Mehta and imposing penalty upon Mr. Futehally, the adjudicating authority also imposed a penalty of Rs. 1 lakh upon Mr. Mehta. The reason
given in the impugned order passed by the Collector is that Mr. Mehta conspired with Mr. Futehally leading to making of wrong declaration. We
find from the impugned order that the main reason attributed for the alleged conspiracy is that it was done to earn commission. In support of this,
one letter dated 12-12-1988 written by M/s. Ashiya Motors to one Mr. Vergese is relied upon in which M/s. Ashiya Motors has stated that they
would be paying commission of Rs. 10,000/- to Mr. Vergese.

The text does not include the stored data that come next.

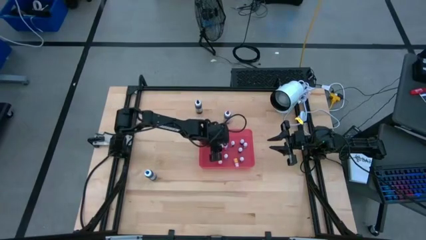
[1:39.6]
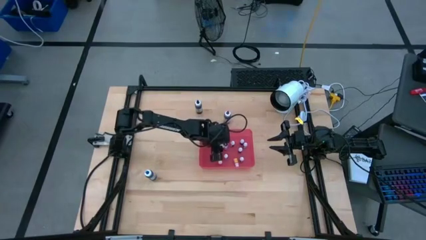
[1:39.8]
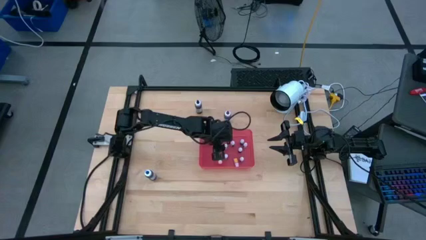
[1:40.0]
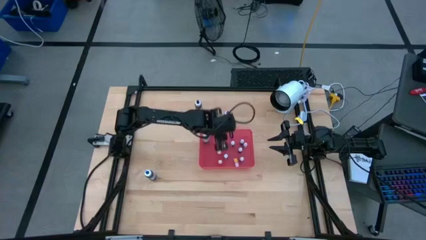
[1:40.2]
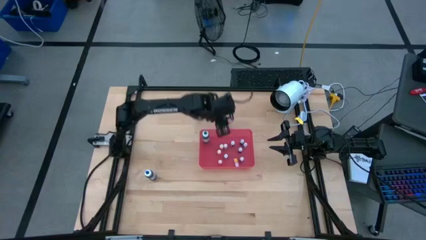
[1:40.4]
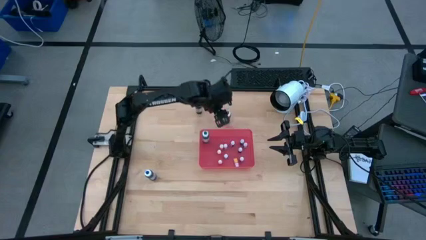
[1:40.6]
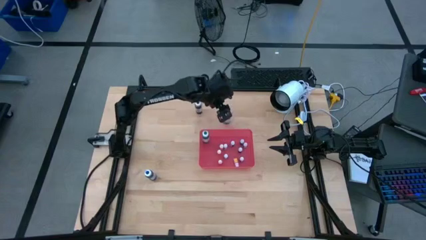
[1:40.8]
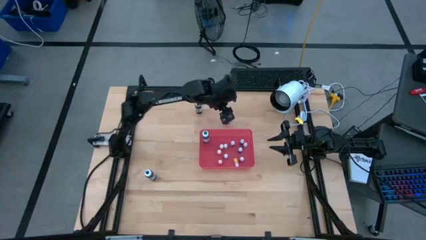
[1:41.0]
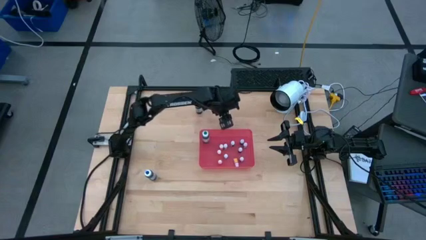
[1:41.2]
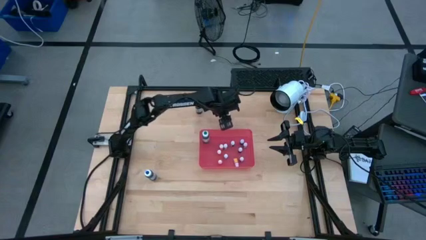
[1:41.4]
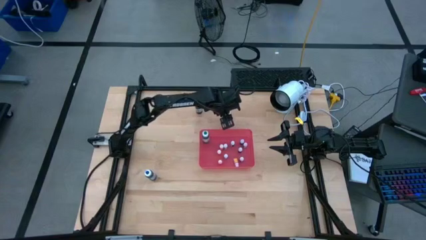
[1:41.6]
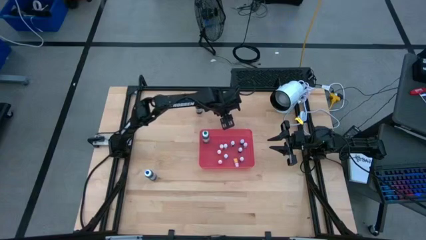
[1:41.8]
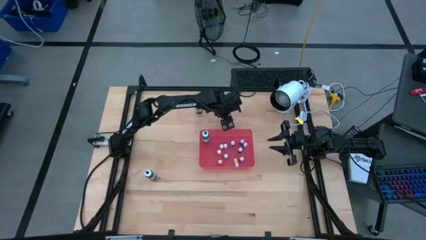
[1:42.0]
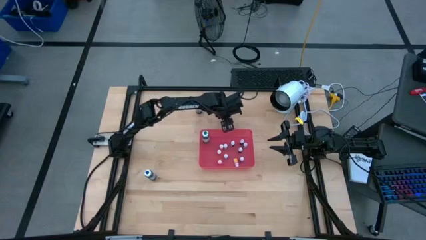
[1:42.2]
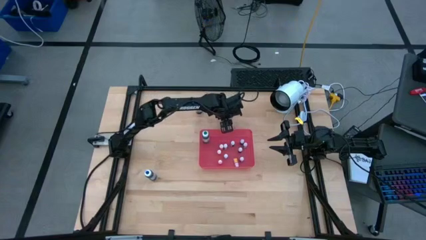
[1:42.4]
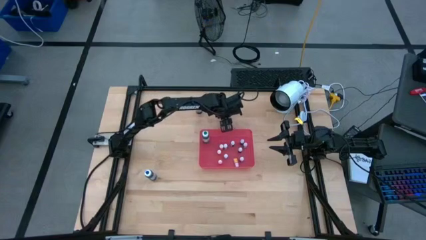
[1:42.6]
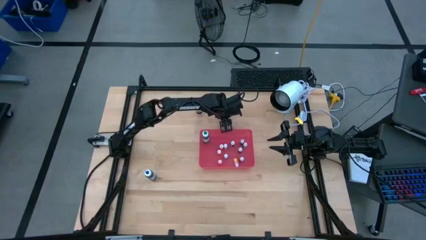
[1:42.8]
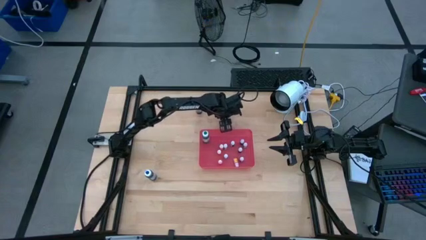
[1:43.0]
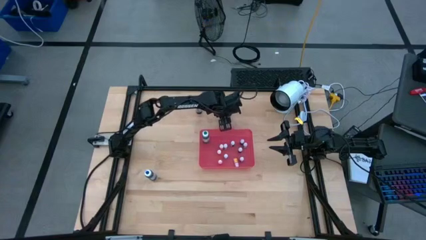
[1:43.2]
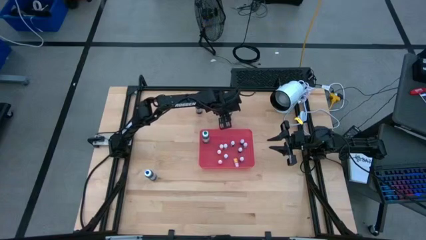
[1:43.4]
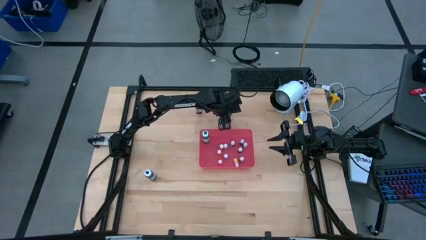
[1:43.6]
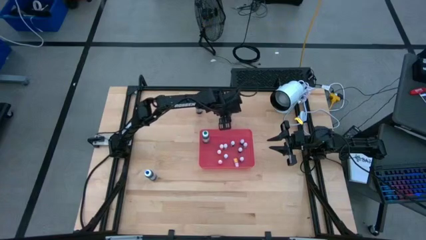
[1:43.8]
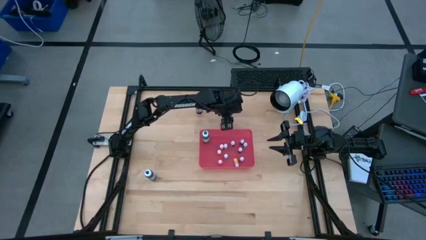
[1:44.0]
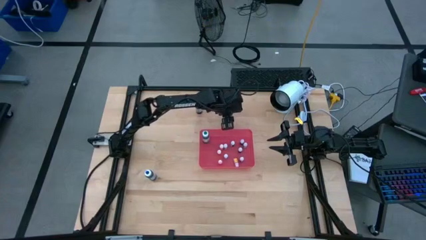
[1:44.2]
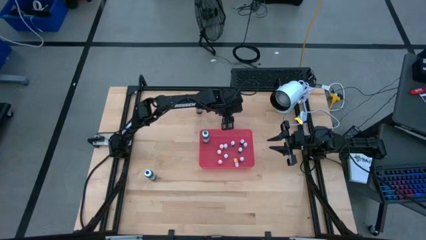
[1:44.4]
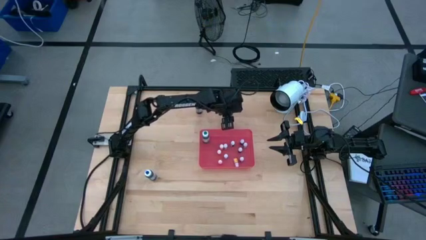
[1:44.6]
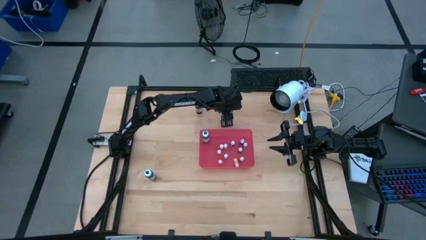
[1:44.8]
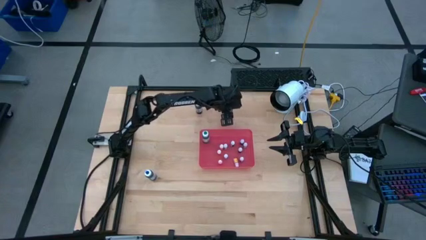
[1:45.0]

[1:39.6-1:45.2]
Put the big purple food coloring bottle into the red bin

6. We do not understand as to how such a letter written by M/s Ashiya Motors to Mr. Vergese would rope in Mr. Mehta into the charge of
conspiracy. Apart from that letter, there is no evidence worth the name against Mr. Mehta. We may also record at this stage that Mr. Mehta was
not to gain anything by the said misdeclaration inasmuch as he was entitled to import the car even with higher engine capacity as he was armed with
the import license for the same. We, accordingly, are of the opinion that no penalty could have been imposed upon Mr. Mehta and the same is
hereby set aside.
7. We are informed at this stage that as a consequence of aforesaid penalty imposed on Mr. Mehta, the Revenue has lodged prosecution which is
pending before Chief Metropolitan Magistrate, Esplanade, Mumbai. Those proceedings are also quashed.

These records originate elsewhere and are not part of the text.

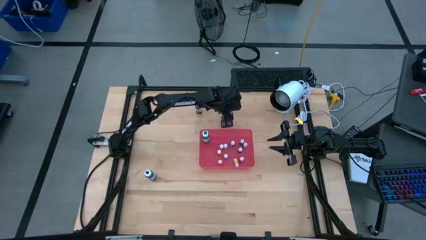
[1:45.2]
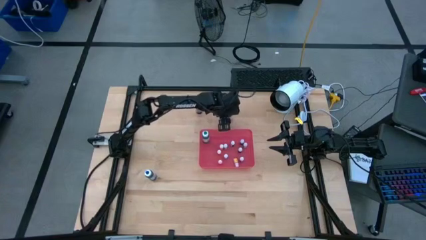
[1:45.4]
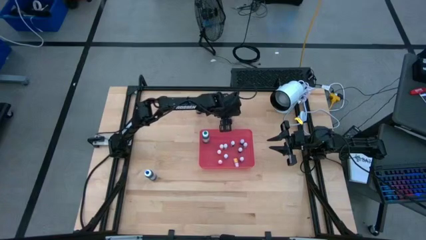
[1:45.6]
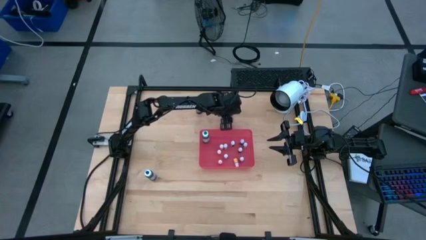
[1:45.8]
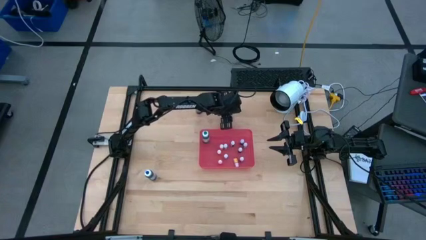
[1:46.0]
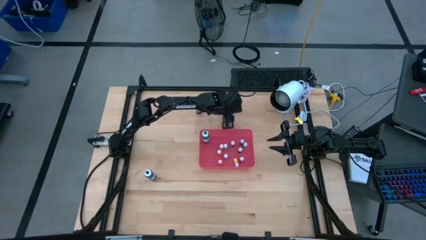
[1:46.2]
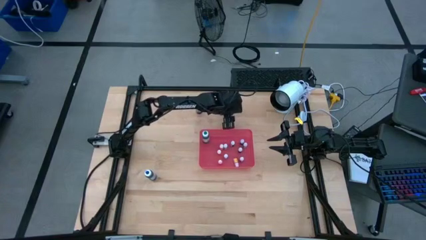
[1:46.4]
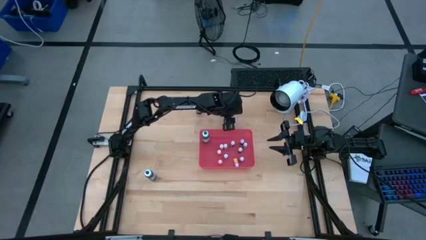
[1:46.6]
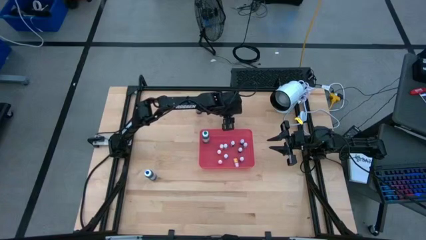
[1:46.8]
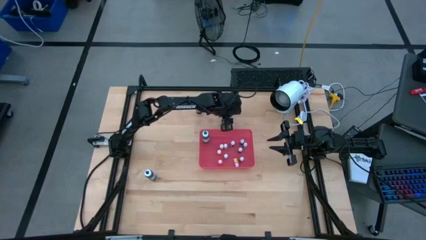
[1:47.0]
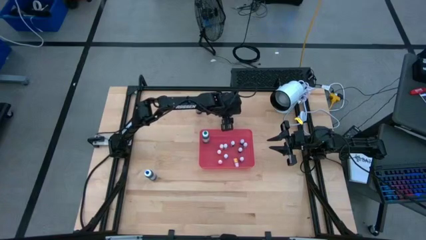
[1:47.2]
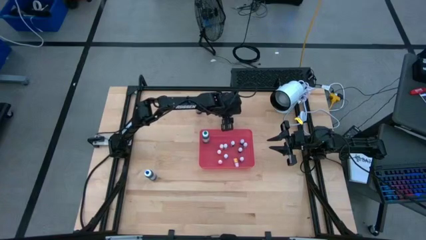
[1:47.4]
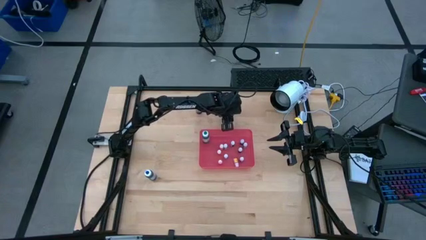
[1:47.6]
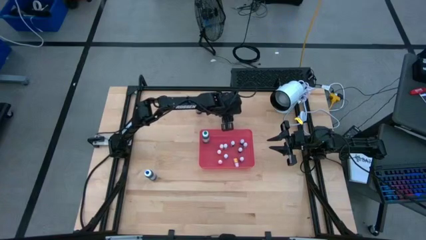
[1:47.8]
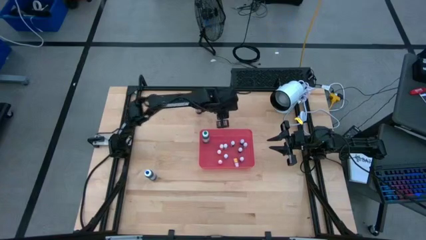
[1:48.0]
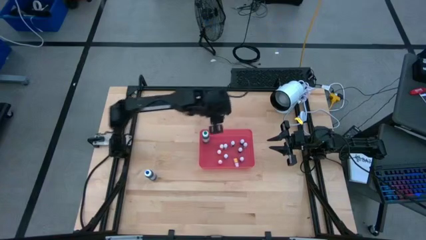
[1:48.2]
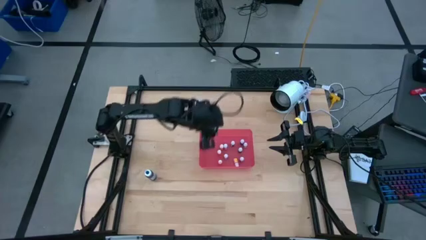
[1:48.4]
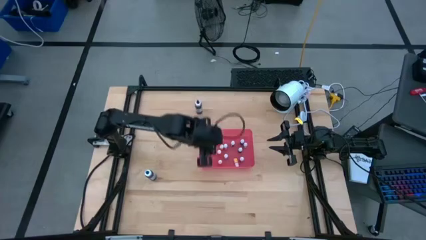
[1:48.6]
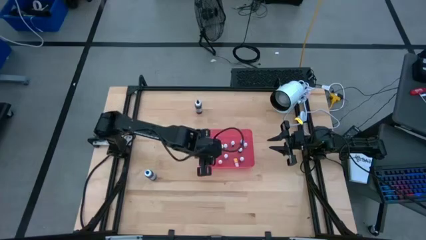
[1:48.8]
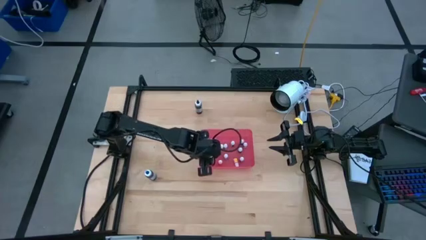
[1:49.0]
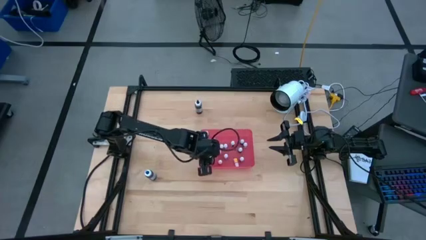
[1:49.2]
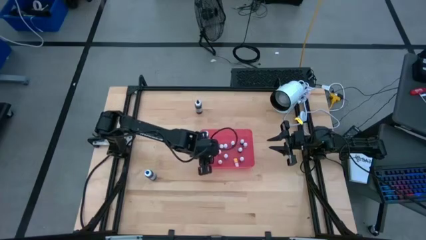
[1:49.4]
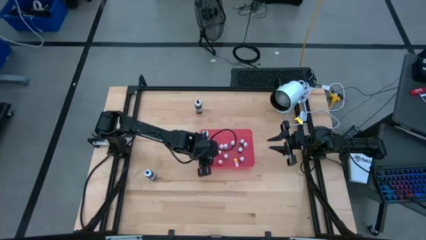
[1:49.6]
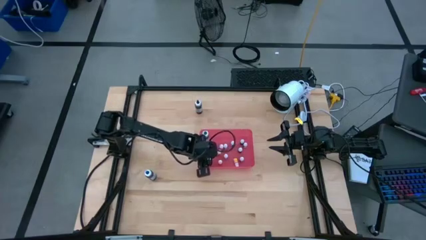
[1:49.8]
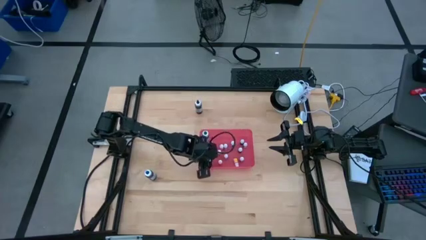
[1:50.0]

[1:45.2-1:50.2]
Put the big purple food coloring bottle into the red bin

8. The circumstances in which another appellant namely Gerson Da Cunha is impleaded are identical as in the case of Mr. Mehta. Penalty of Rs. 1
lakh imposed against him also stands quashed including prosecution, if any.
9. These appeals stand allowed and disposed of in the aforesaid terms.
Civil Appeal No. 5142 of 2005
10. After the import of car by Mr. Atul H. Mehta which was custom cleared on 4-7-1988, Mr. Atul H. Mehta had sold his car to the appellant
M/s Hindustan Dorr Oliver Limited on 11-7-1988. This car was seized on 11-7-1990 by the custom authorities. But thereafter released on 16-7-
1990 when the appellant gave the bank guarantee for payment of differential amount of duty. Thereafter show cause notice was issued to the
appellant on 21-1-1991 which has resulted in demand of the aforesaid differential duty and that order has been upheld by the CESTAT. It is
against the order of the CESTAT, the present appeal is preferred. The only argument raised by the learned counsel for the appellant is that the
show cause notice is beyond the period of limitation prescribed under Section 28 of the Customs Act inasmuch as the car was cleared from the
customs on 4-7-1988 and the show cause notice was issued on 21-1-1991, i.e., more than two and a half years thereafter, whereas the normal
period of limitation prescribed under Section 28 is one year at that time.
11. We however, find that the customs authorities invoked the provisions of proviso to Section 28 and therefore, took the benefit of extended
period of limitation of five years.
12. This is challenged by the appellant stating that insofar as the appellant is concerned there was no misdeclaration by it as it is the bona fide
purchaser of the car and therefore, the extended period of limitation cannot be claimed by the customs authorities against the appellant. We are not
impressed with this argument of the learned counsel. Obviously, when the appellant had purchased the car, which was got cleared from the
customs after import, it is not the appellant who would have filed any declaration. However, what we find is that as a purchaser, the appellant is
fastened with the liability of differential amount of duty and there is no dispute that it has to be paid by the appellant as he is the owner of the car. In
such circumstances insofar as misdeclaration is concerned which was an act of Mr. Futehally, would be imputed in the present case. As the car got
cleared on the basis of misdeclaration, therefore, the extended period of limitation would be available to the custom authority. Thus we find no
merit in this appeal, which is accordingly, dismissed.